→ **Task description**
Please report, as a single number, how many lines in the entries include the string "mountain".

→ **Record excerpts**
--

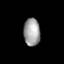
Tissue: prostate
Cell type: T cells
Senescence score: 0.7369
Nuclear area (px): 443
Mean DAPI intensity: 160.808
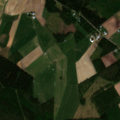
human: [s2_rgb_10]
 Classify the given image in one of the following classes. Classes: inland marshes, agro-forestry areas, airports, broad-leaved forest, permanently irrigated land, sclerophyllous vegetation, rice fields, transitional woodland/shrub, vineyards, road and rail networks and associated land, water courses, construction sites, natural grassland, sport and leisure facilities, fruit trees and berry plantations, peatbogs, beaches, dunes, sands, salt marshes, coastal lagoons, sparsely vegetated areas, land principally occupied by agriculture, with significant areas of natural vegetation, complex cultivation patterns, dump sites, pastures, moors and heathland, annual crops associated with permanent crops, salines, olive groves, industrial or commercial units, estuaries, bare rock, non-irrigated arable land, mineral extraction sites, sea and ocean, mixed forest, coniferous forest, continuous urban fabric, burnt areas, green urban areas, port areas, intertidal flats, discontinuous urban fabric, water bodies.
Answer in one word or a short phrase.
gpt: non-irrigated arable land, land principally occupied by agriculture, with significant areas of natural vegetation, coniferous forest, mixed forest
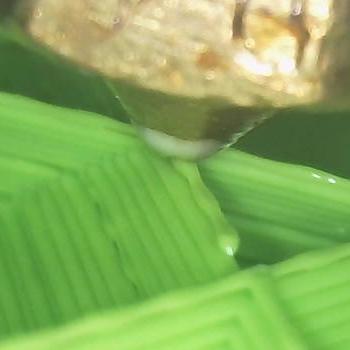
Flow rate: 42%
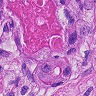
Metastatic tissue present: yes
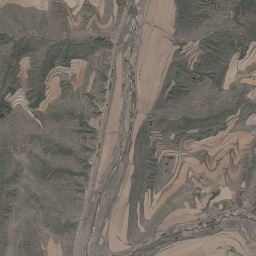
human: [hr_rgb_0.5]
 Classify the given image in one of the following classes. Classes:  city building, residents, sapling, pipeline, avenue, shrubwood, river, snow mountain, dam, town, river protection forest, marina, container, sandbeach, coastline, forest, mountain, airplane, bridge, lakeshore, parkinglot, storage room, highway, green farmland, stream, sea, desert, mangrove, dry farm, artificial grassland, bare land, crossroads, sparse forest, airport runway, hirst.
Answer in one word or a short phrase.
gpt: mountain
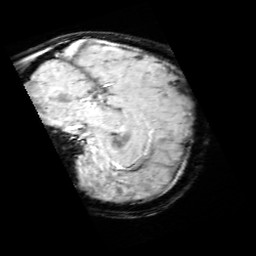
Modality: SWI
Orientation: sagittal
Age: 9
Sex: female
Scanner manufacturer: siemens
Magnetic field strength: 3 T
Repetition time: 0.027 s
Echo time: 0.02 s
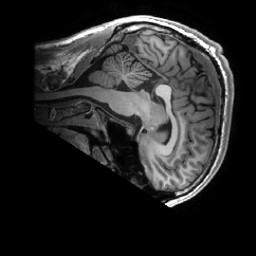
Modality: T1w
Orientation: sagittal
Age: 26
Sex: male
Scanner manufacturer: ge
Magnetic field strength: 3 T
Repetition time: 0.0073 s
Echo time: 0.003 s
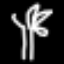
Label: palm tree
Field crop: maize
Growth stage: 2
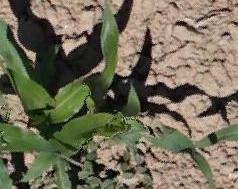
Species: maize
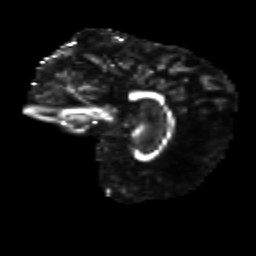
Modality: FA
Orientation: sagittal
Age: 66
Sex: female
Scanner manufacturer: siemens
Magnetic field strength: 3 T
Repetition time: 8.6 s
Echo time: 0.095 s
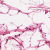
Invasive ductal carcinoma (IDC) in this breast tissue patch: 0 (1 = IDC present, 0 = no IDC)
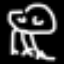
Label: frog
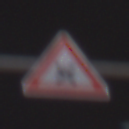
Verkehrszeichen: KreuzungOderEinmuendung
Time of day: Night
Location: Outdoor (Urban)
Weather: Overcast
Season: Winter
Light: Artificial
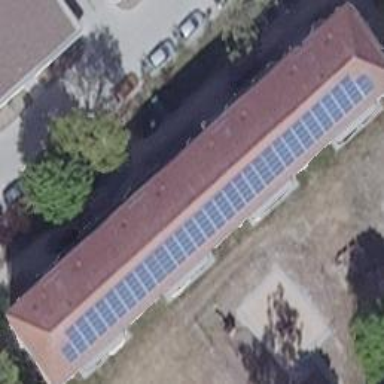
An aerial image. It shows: Building with hipped roof.
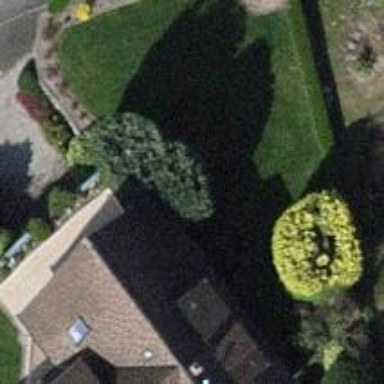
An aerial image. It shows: Garden with evergreen needle-leaved trees.
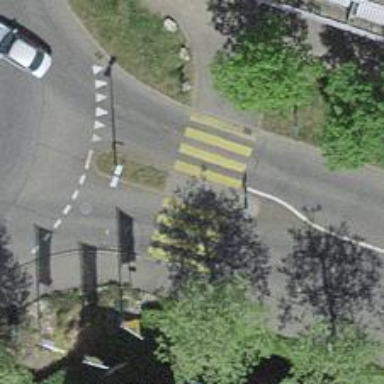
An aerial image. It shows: Marked road crossing with pedestrian island.
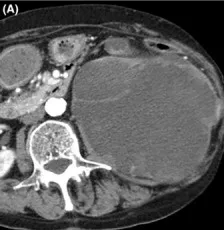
Contrast-enhanced CT of the dilated renal pelvis and mural nodular lesions. The dilated renal pelvis is the main part of the lesion and renal parenchyma thinning (A).
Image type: radiology (ct)
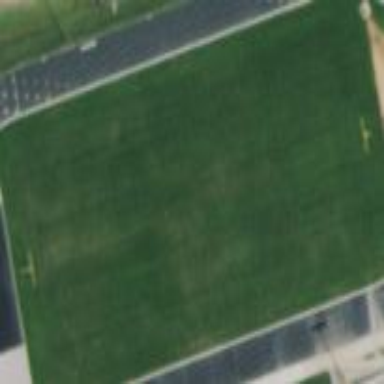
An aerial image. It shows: Pitch for American football.
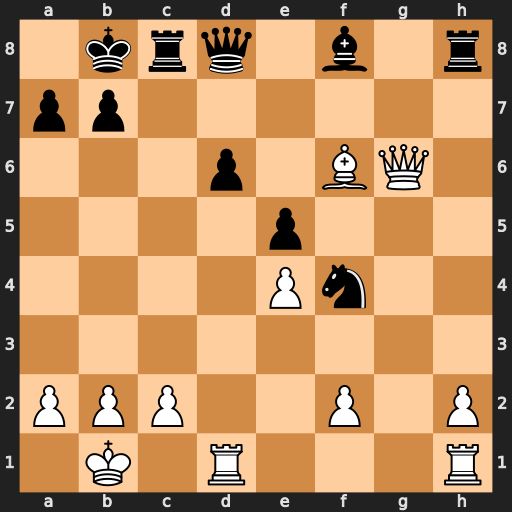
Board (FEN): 1krq1b1r/pp6/3p1BQ1/4p3/4Pn2/8/PPP2P1P/1K1R3R
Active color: w
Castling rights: -
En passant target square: -
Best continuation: Qg5 Bh6 Bxd8 Bxg5 Bxg5
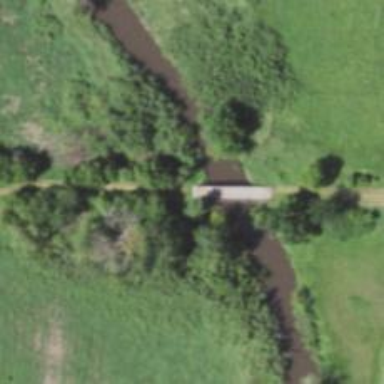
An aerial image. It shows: Abandoned railway passing under cycleway bridge.
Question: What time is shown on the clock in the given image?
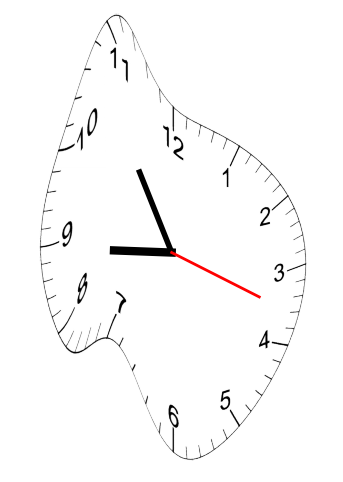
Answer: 08:54:18
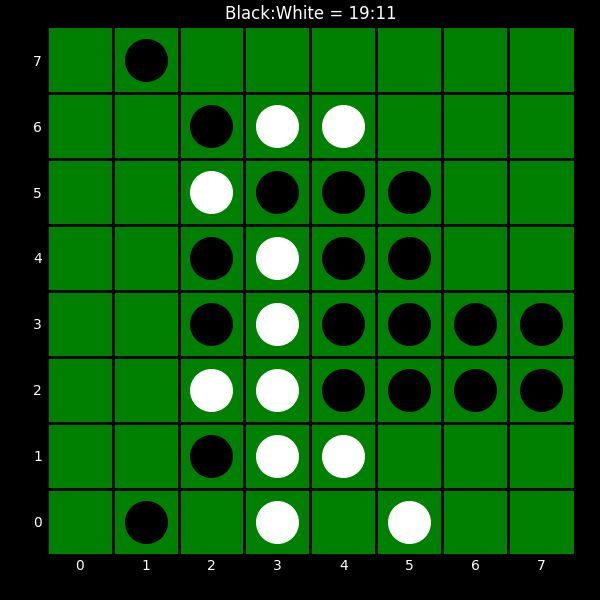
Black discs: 19
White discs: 11
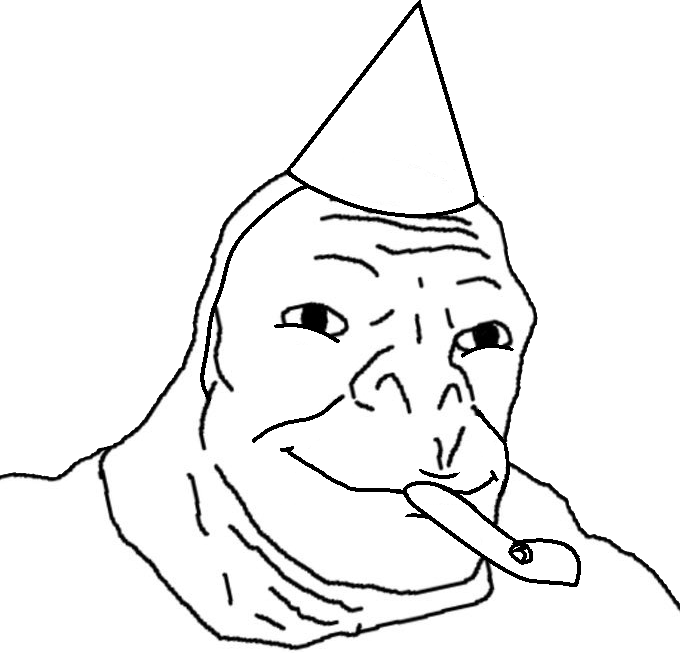
Label: 5_Craig
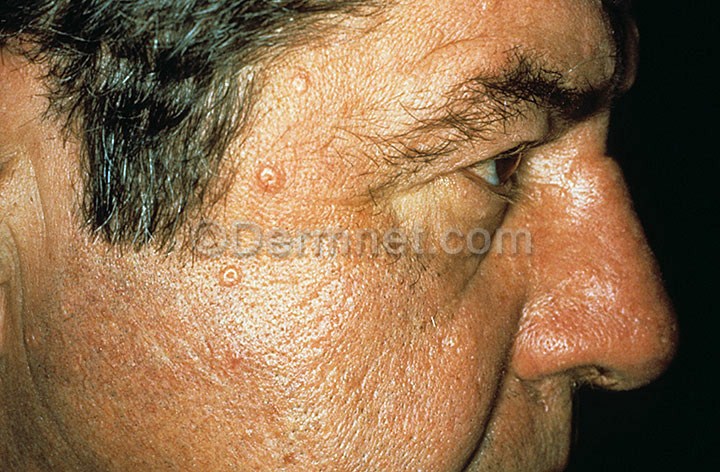
Disease: Seborrheic Keratoses and other Benign Tumors
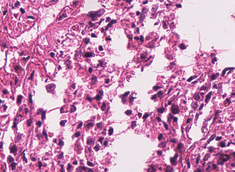
Tumor epithelial tissue: no
Tumor-associated stroma tissue: no
Normal tissue: yes
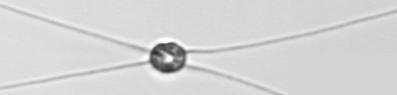
Label: Chaetoceros_danicus
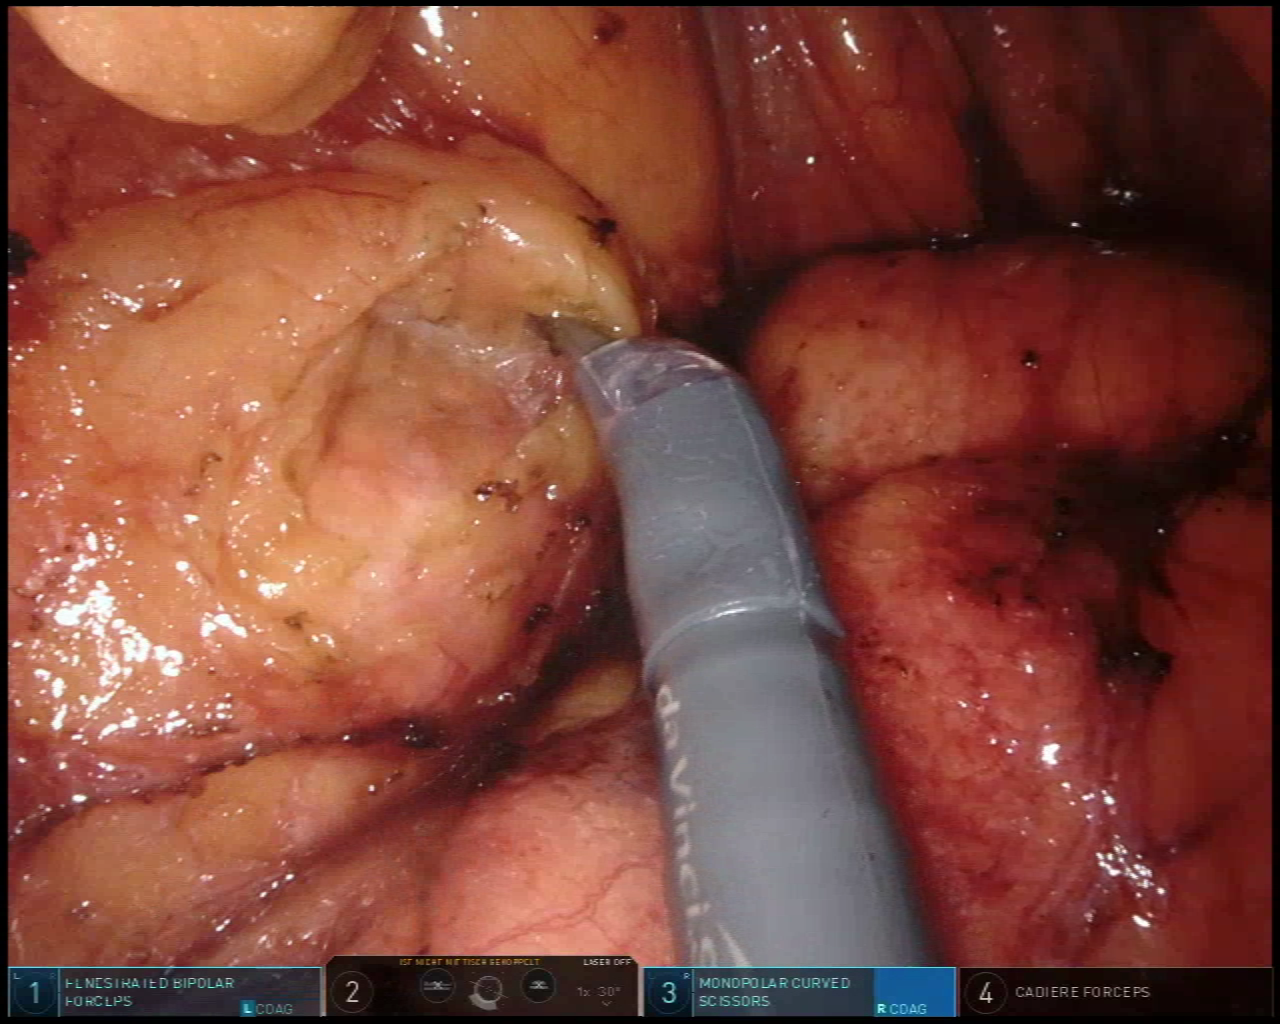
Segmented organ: pancreas
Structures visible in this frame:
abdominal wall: no
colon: no
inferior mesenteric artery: no
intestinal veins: no
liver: no
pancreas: yes
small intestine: no
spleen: no
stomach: no
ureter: no
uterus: no
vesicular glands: no
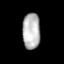
Tissue: prostate
Cell type: T cells
Senescence score: 0.2175
Nuclear area (px): 625
Mean DAPI intensity: 182.91
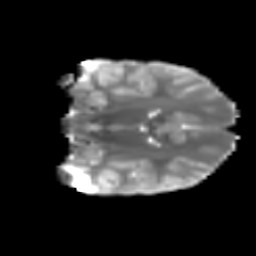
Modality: T2w
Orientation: coronal
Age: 10
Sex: male
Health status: ill
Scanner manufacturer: ge
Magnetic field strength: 3 T
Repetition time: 6.752 s
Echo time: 0.079 s
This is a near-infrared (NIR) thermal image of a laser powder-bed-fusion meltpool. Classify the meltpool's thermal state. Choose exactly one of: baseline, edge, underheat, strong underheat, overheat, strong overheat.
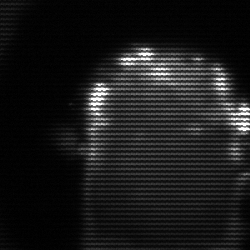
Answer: baseline
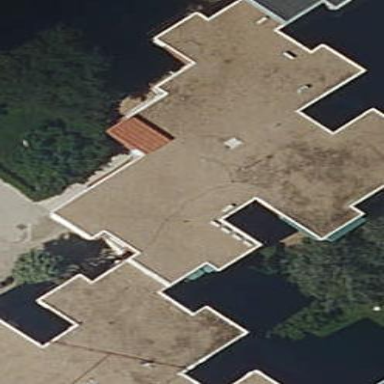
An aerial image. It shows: Image showing building with apartments.
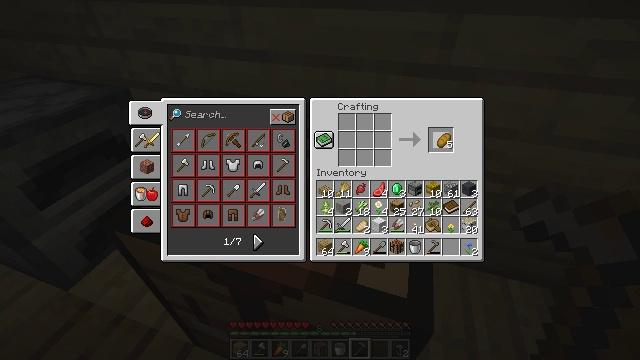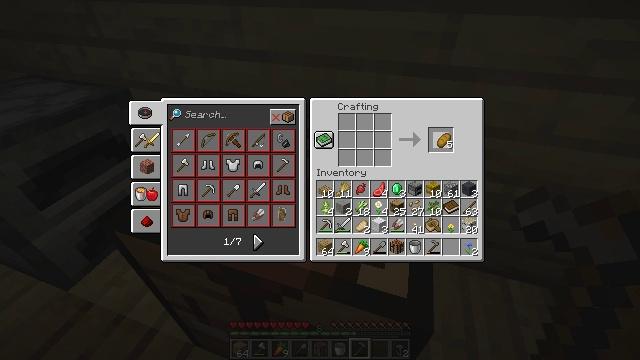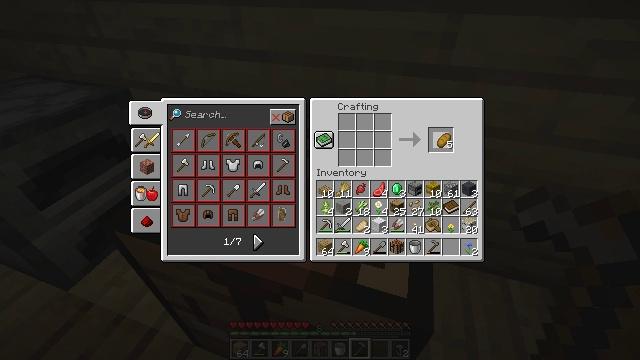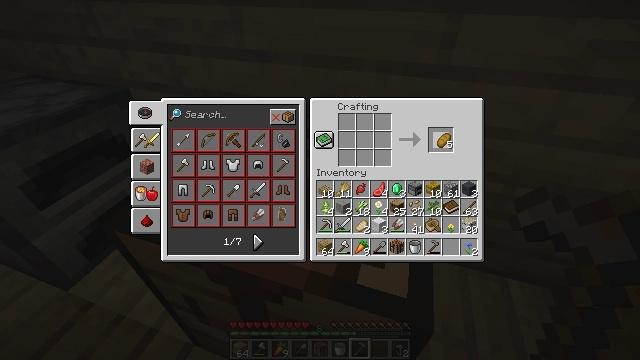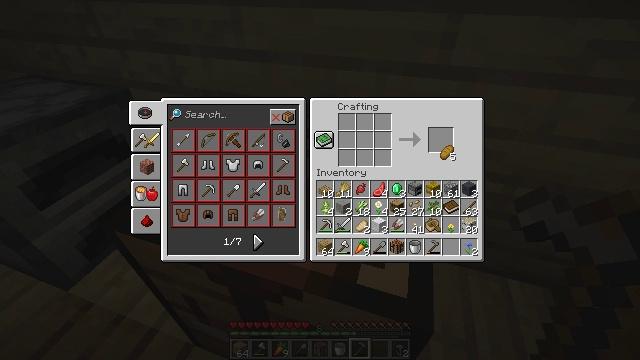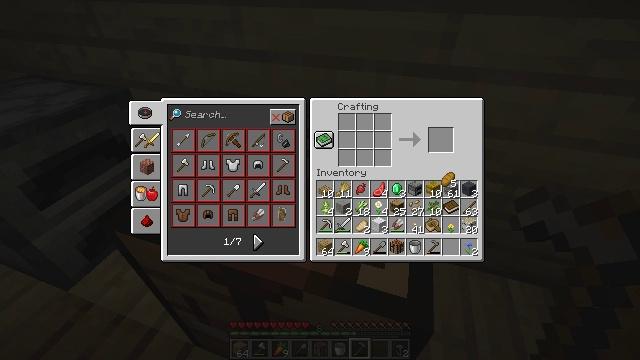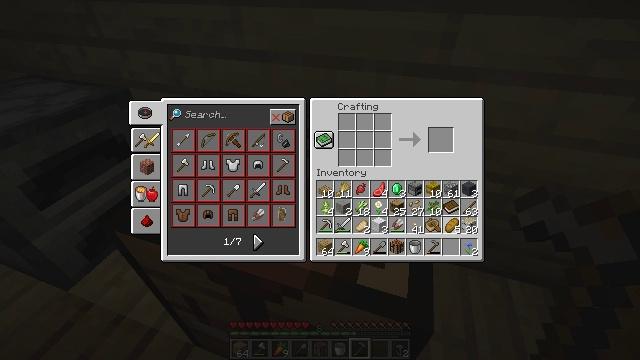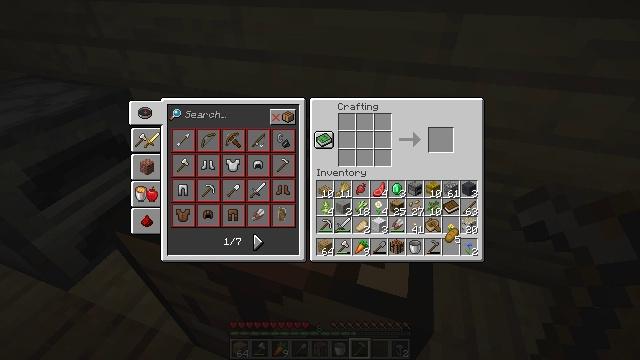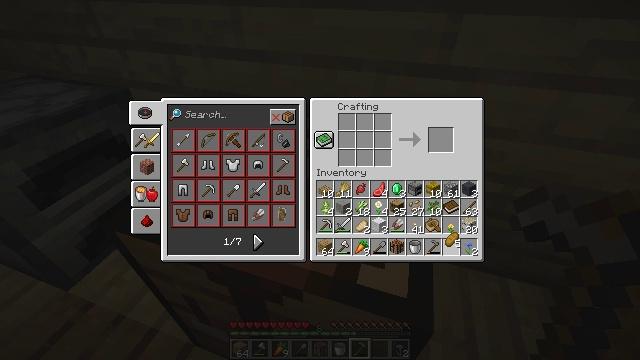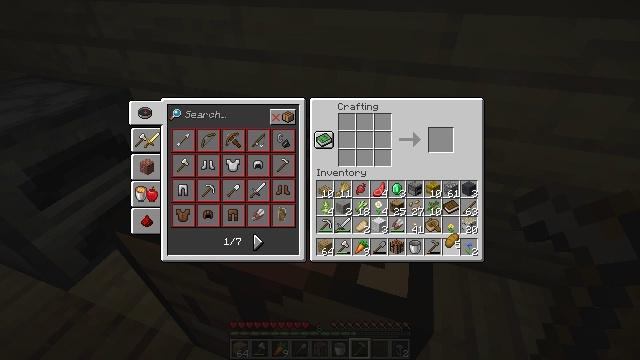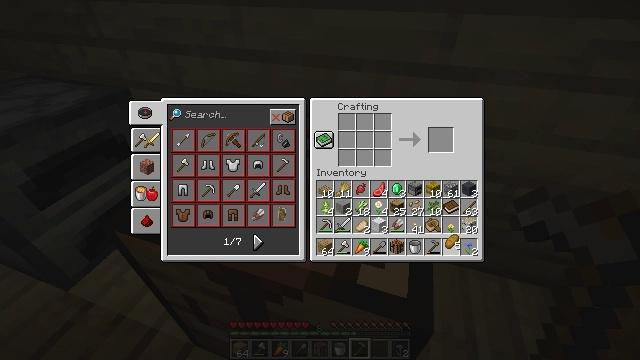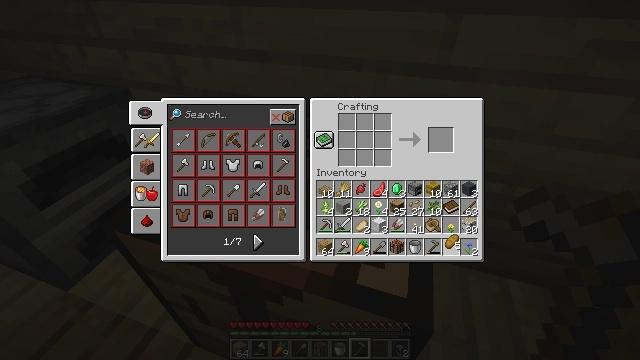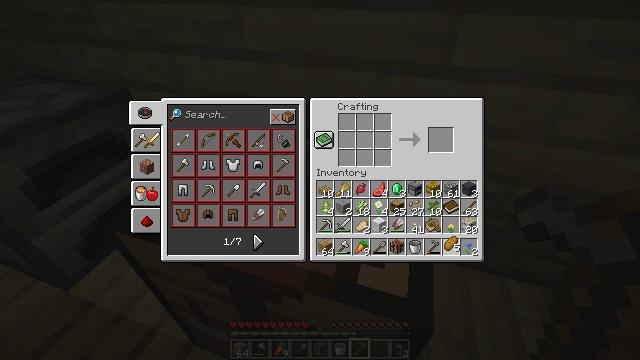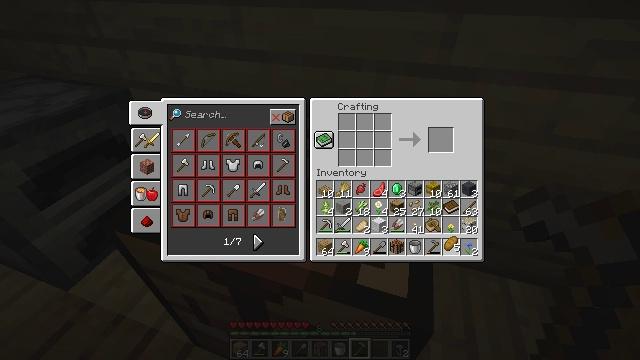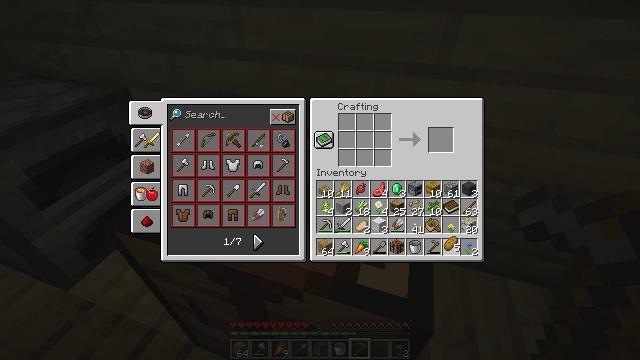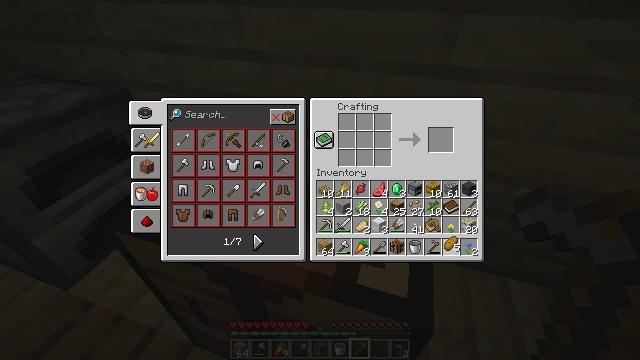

--

→ **Task output**
2